Between Ears, Not Legs

Nithin Sridhar
Her lap is a sacrificial altar; her hairs, the sacrificial grass; her skin, the soma-press. The two labia*(lips) of the vulva are the fire in the middle

[Brhad-Âranyaka Upanisad, 6.4.3]

This man (ama) am I; that woman (sâ), thou!
That woman, thou; this man am I!
I am the Sâman; thou, the Rig!
I am the heaven; thou, the earth!
Come, let us two together clasp!
Together let us semen mix,
A male, a son for to procure!

[Brhad-Âranyaka Upanisad, 6.4.20](1)

Whenever the issue of love, nudity, sex and Hinduism comes into picture, we usually get to see one of the following reactionaries: (a) The West in general and its scholars studying South Asia [for example RISA(2)] in particular, and their Indian counterparts who consider Hinduism to be a mix of voodoo and pornography; or (b) The Hindu orthodoxy which thinks sex is taboo.

Now let's examine how valid these perspectives are.
Hindu purusharthas:
Purushartha means "objectives of a human being". They are the canonical four ends or aims of human life. They serve as pointers in life. The four Purusharthas from the lowest to the highest are: kama - pleasure or desire(3), artha - wealth, dharma - righteousness or morality and moksha - liberation from the cycle of reincarnation.

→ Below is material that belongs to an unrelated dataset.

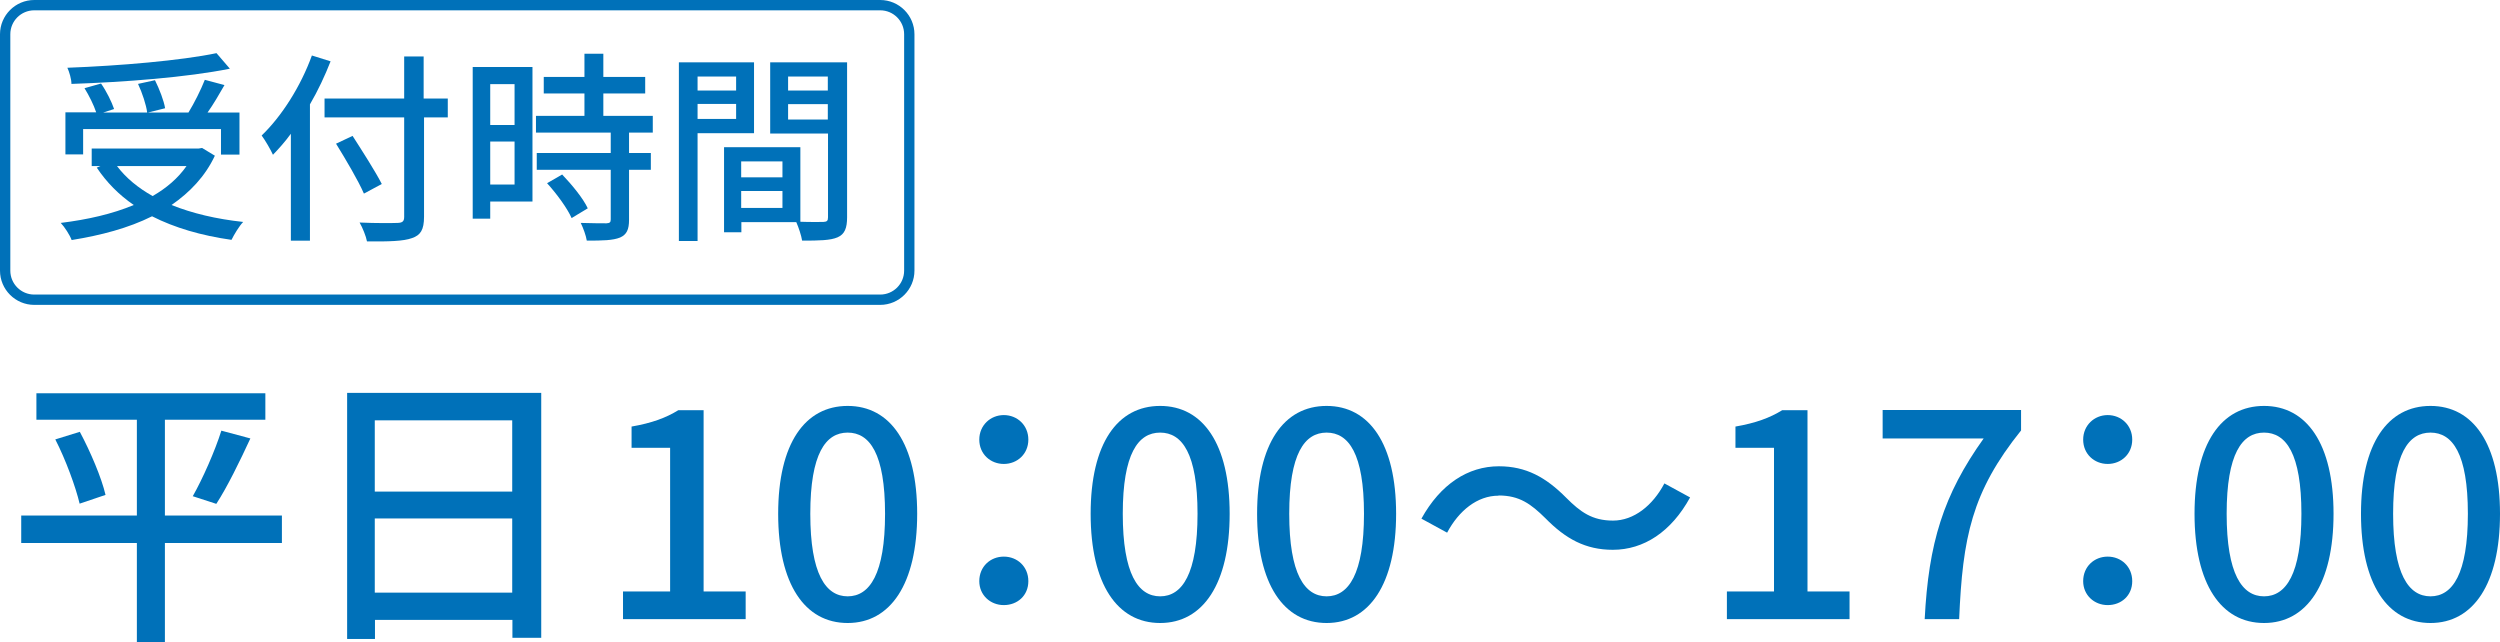 <?xml version="1.0" encoding="UTF-8"?><svg xmlns="http://www.w3.org/2000/svg" width="128.41" height="32.99" viewBox="0 0 128.41 32.99"><g id="a"/><g id="b"><g id="c"><g><g><path d="M14.48,27.89h-6.01v5.1h-1.44v-5.1H1.09v-1.41H7.03v-4.92H1.87v-1.36H13.63v1.36h-5.16v4.92h6.01v1.41Zm-10.38-5.71c.55,1.03,1.12,2.37,1.32,3.24l-1.33,.45c-.2-.85-.71-2.25-1.25-3.3l1.26-.39Zm5.8,3.31c.51-.9,1.14-2.32,1.47-3.37l1.49,.4c-.54,1.17-1.2,2.52-1.75,3.36l-1.2-.39Z" fill="#0071b9"/><path d="M27.8,20.18v12.58h-1.48v-.92h-7.06v.98h-1.43v-12.64h9.97Zm-8.55,1.41v3.66h7.06v-3.66h-7.06Zm7.06,8.85v-3.81h-7.06v3.81h7.06Z" fill="#0071b9"/><path d="M32,30.38h2.42v-7.38h-1.98v-1.09c1.04-.18,1.77-.45,2.4-.84h1.3v9.31h2.16v1.42h-6.3v-1.42Z" fill="#0071b9"/><path d="M39.97,26.39c0-3.62,1.38-5.54,3.57-5.54s3.57,1.94,3.57,5.54-1.37,5.61-3.57,5.61-3.57-1.99-3.57-5.61Zm5.49,0c0-3.09-.79-4.17-1.92-4.17s-1.92,1.08-1.92,4.17,.79,4.24,1.92,4.24,1.92-1.15,1.92-4.24Z" fill="#0071b9"/><path d="M50.3,22.58c0-.73,.57-1.26,1.26-1.26s1.26,.52,1.26,1.26-.57,1.25-1.26,1.25-1.26-.51-1.26-1.25Zm0,7.27c0-.75,.57-1.26,1.26-1.26s1.26,.51,1.26,1.26-.57,1.23-1.26,1.23-1.26-.51-1.26-1.23Z" fill="#0071b9"/><path d="M56.02,26.39c0-3.62,1.38-5.54,3.57-5.54s3.57,1.94,3.57,5.54-1.37,5.61-3.57,5.61-3.57-1.99-3.57-5.61Zm5.49,0c0-3.09-.79-4.17-1.92-4.17s-1.92,1.08-1.92,4.17,.79,4.24,1.92,4.24,1.92-1.15,1.92-4.24Z" fill="#0071b9"/><path d="M64.57,26.39c0-3.62,1.38-5.54,3.57-5.54s3.57,1.94,3.57,5.54-1.37,5.61-3.57,5.61-3.57-1.99-3.57-5.61Zm5.49,0c0-3.09-.79-4.17-1.92-4.17s-1.92,1.08-1.92,4.17,.79,4.24,1.92,4.24,1.92-1.15,1.92-4.24Z" fill="#0071b9"/><path d="M76.97,25.46c-1.09,0-2.04,.77-2.64,1.9l-1.32-.72c.98-1.77,2.39-2.69,3.98-2.69,1.39,0,2.41,.56,3.46,1.62,.73,.73,1.33,1.17,2.4,1.17s2.04-.77,2.64-1.91l1.32,.72c-.97,1.77-2.38,2.69-3.97,2.69-1.4,0-2.42-.56-3.46-1.62-.74-.73-1.33-1.17-2.4-1.17Z" fill="#0071b9"/><path d="M88.7,30.38h2.42v-7.38h-1.98v-1.09c1.04-.18,1.77-.45,2.4-.84h1.3v9.31h2.16v1.42h-6.3v-1.42Z" fill="#0071b9"/><path d="M101.89,22.52h-5.19v-1.46h7.11v1.05c-2.54,3.16-3,5.5-3.18,9.69h-1.77c.2-3.9,.95-6.37,3.03-9.28Z" fill="#0071b9"/><path d="M107,22.58c0-.73,.57-1.26,1.26-1.26s1.26,.52,1.26,1.26-.57,1.25-1.26,1.25-1.26-.51-1.26-1.25Zm0,7.27c0-.75,.57-1.26,1.26-1.26s1.26,.51,1.26,1.26-.57,1.23-1.26,1.23-1.26-.51-1.26-1.23Z" fill="#0071b9"/><path d="M112.72,26.39c0-3.62,1.38-5.54,3.57-5.54s3.57,1.94,3.57,5.54-1.37,5.61-3.57,5.61-3.57-1.99-3.57-5.61Zm5.49,0c0-3.09-.79-4.17-1.92-4.17s-1.92,1.08-1.92,4.17,.79,4.24,1.92,4.24,1.92-1.15,1.92-4.24Z" fill="#0071b9"/><path d="M121.27,26.39c0-3.62,1.38-5.54,3.57-5.54s3.57,1.94,3.57,5.54-1.37,5.61-3.57,5.61-3.57-1.99-3.57-5.61Zm5.49,0c0-3.09-.79-4.17-1.92-4.17s-1.92,1.08-1.92,4.17,.79,4.24,1.92,4.24,1.92-1.15,1.92-4.24Z" fill="#0071b9"/></g><g><g><path d="M11.04,7.99c-.5,1.07-1.29,1.89-2.23,2.54,1.07,.43,2.3,.72,3.68,.87-.21,.22-.46,.64-.6,.92-1.55-.22-2.92-.62-4.08-1.21-1.22,.61-2.64,.98-4.13,1.22-.09-.25-.36-.67-.56-.88,1.38-.17,2.65-.46,3.75-.92-.76-.52-1.4-1.17-1.9-1.92l.19-.08h-.45v-.9h5.49l.18-.03,.66,.4Zm-6.77-.06h-.91v-2.16h1.58c-.12-.37-.37-.87-.6-1.24l.85-.24c.28,.4,.55,.95,.67,1.31l-.56,.18h2.26c-.05-.39-.25-1-.47-1.47l.87-.19c.23,.46,.46,1.06,.52,1.44l-.88,.22h2.08c.3-.49,.64-1.17,.84-1.68l1.01,.27c-.27,.47-.57,.99-.87,1.41h1.64v2.16h-.95v-1.31H4.27v1.31ZM11.8,3.53c-2.19,.44-5.41,.69-8.13,.78,0-.24-.11-.62-.21-.83,2.69-.1,5.84-.37,7.66-.75l.68,.79Zm-5.79,5c.46,.61,1.08,1.12,1.83,1.54,.71-.41,1.3-.91,1.74-1.54h-3.56Z" fill="#0071b9"/><path d="M16.98,3.15c-.29,.74-.65,1.51-1.06,2.21v7h-.98V6.87c-.29,.4-.61,.76-.92,1.08-.1-.23-.4-.75-.58-.99,1.03-.99,2.01-2.53,2.58-4.11l.96,.3Zm6.04,2.88h-1.24v5.1c0,.68-.18,.95-.62,1.1-.44,.16-1.17,.18-2.31,.17-.05-.27-.23-.71-.38-.97,.85,.04,1.71,.03,1.96,.02,.24-.01,.33-.08,.33-.31V6.03h-4.09v-.97h4.09V2.9h1v2.16h1.24v.97Zm-4.33,3.91c-.28-.65-.93-1.75-1.43-2.56l.85-.4c.5,.78,1.18,1.84,1.5,2.47l-.91,.49Z" fill="#0071b9"/><path d="M27.35,10.35h-2.17v.88h-.9V3.44h3.07v6.91Zm-2.17-6.03v2.1h1.25v-2.1h-1.25Zm1.25,5.16v-2.21h-1.25v2.21h1.25Zm5.88-2.67v1.05h1.12v.86h-1.12v2.57c0,.5-.12,.76-.46,.91-.37,.15-.9,.16-1.71,.16-.04-.26-.18-.64-.31-.91,.58,.02,1.16,.02,1.32,.02,.17-.01,.22-.05,.22-.2v-2.55h-3.8v-.86h3.8v-1.05h-3.84v-.86h2.49v-1.15h-2.09v-.85h2.09v-1.19h.97v1.19h2.15v.85h-2.15v1.15h2.54v.86h-1.21Zm-3.43,2.16c.5,.52,1.08,1.23,1.31,1.73l-.83,.5c-.22-.5-.76-1.24-1.26-1.79l.78-.45Z" fill="#0071b9"/><path d="M35.83,6.84v5.54h-.96V3.2h3.86v3.64h-2.9Zm0-2.91v.72h1.98v-.72h-1.98Zm1.98,2.18v-.77h-1.98v.77h1.98Zm5.7,5.05c0,.55-.12,.87-.49,1.03-.37,.16-.94,.17-1.82,.17-.04-.26-.18-.68-.3-.95h-2.82v.52h-.89V7.56h3.92v3.83c.51,.02,1.01,.01,1.18,.01,.19-.01,.24-.06,.24-.24V6.86h-2.97V3.2h3.95v7.96Zm-5.44-2.87v.82h2.12v-.82h-2.12Zm2.12,2.39v-.87h-2.12v.87h2.12Zm.29-6.75v.72h2.04v-.72h-2.04Zm2.04,2.21v-.79h-2.04v.79h2.04Z" fill="#0071b9"/></g><path d="M45.21,15.66H1.76c-.97,0-1.76-.79-1.76-1.76V1.76C0,.79,.79,0,1.76,0H45.21c.97,0,1.76,.79,1.76,1.76V13.9c0,.97-.79,1.76-1.76,1.76ZM1.76,.53C1.08,.53,.53,1.08,.53,1.76V13.9c0,.68,.55,1.23,1.23,1.23H45.21c.68,0,1.23-.55,1.23-1.23V1.76c0-.68-.55-1.23-1.23-1.23H1.76Z" fill="#0071b9"/></g></g></g></g></svg>

According to the Kamasutra, "In the beginning, the Lord of beings created men and women and, in the form of commandments in one hundred thousand chapters, laid down rules for regulating their existence with regard to dharma, artha, and kama."(4) Further, it says, "Man, the period of whose life is one hundred years, should practise dharma, artha and kama at different times and in such a manner that they may harmonise together and not clash in any way. He should acquire learning in his childhood, in his youth and middle age he should attend to artha and kama, and in his old age he should perform dharma, and thus seek to gain moksha, i.e. release from further transmigration."(5)

So, according to the Hindu scheme of things, even though enlightment is the ultimate goal of life, it encourages people to enjoy everything and fulfil all material desires. Moksha is a long process. It can be achieved only when all material desires are quenched. And hence, Hindu religion prescribes two methods: the path of renunciation and the path of a householder. There is another less popular but more maligned path: the path within, or tantras, which accepts everything material and condemned as taboo and, hence, aims to rise above bestial desires.

Sex as yajna:
Yajna or sacrifice is derived from the root, yaj. It means "worship" or "the offering of oblation".
Max Müller defines yajna as "an act by which we surrender something for the sake of gods"(6).
Sex is worship. It is an act by which the partners in a couple surrender their ego in order to gain pleasure, progeny and, eventually, even enlightment.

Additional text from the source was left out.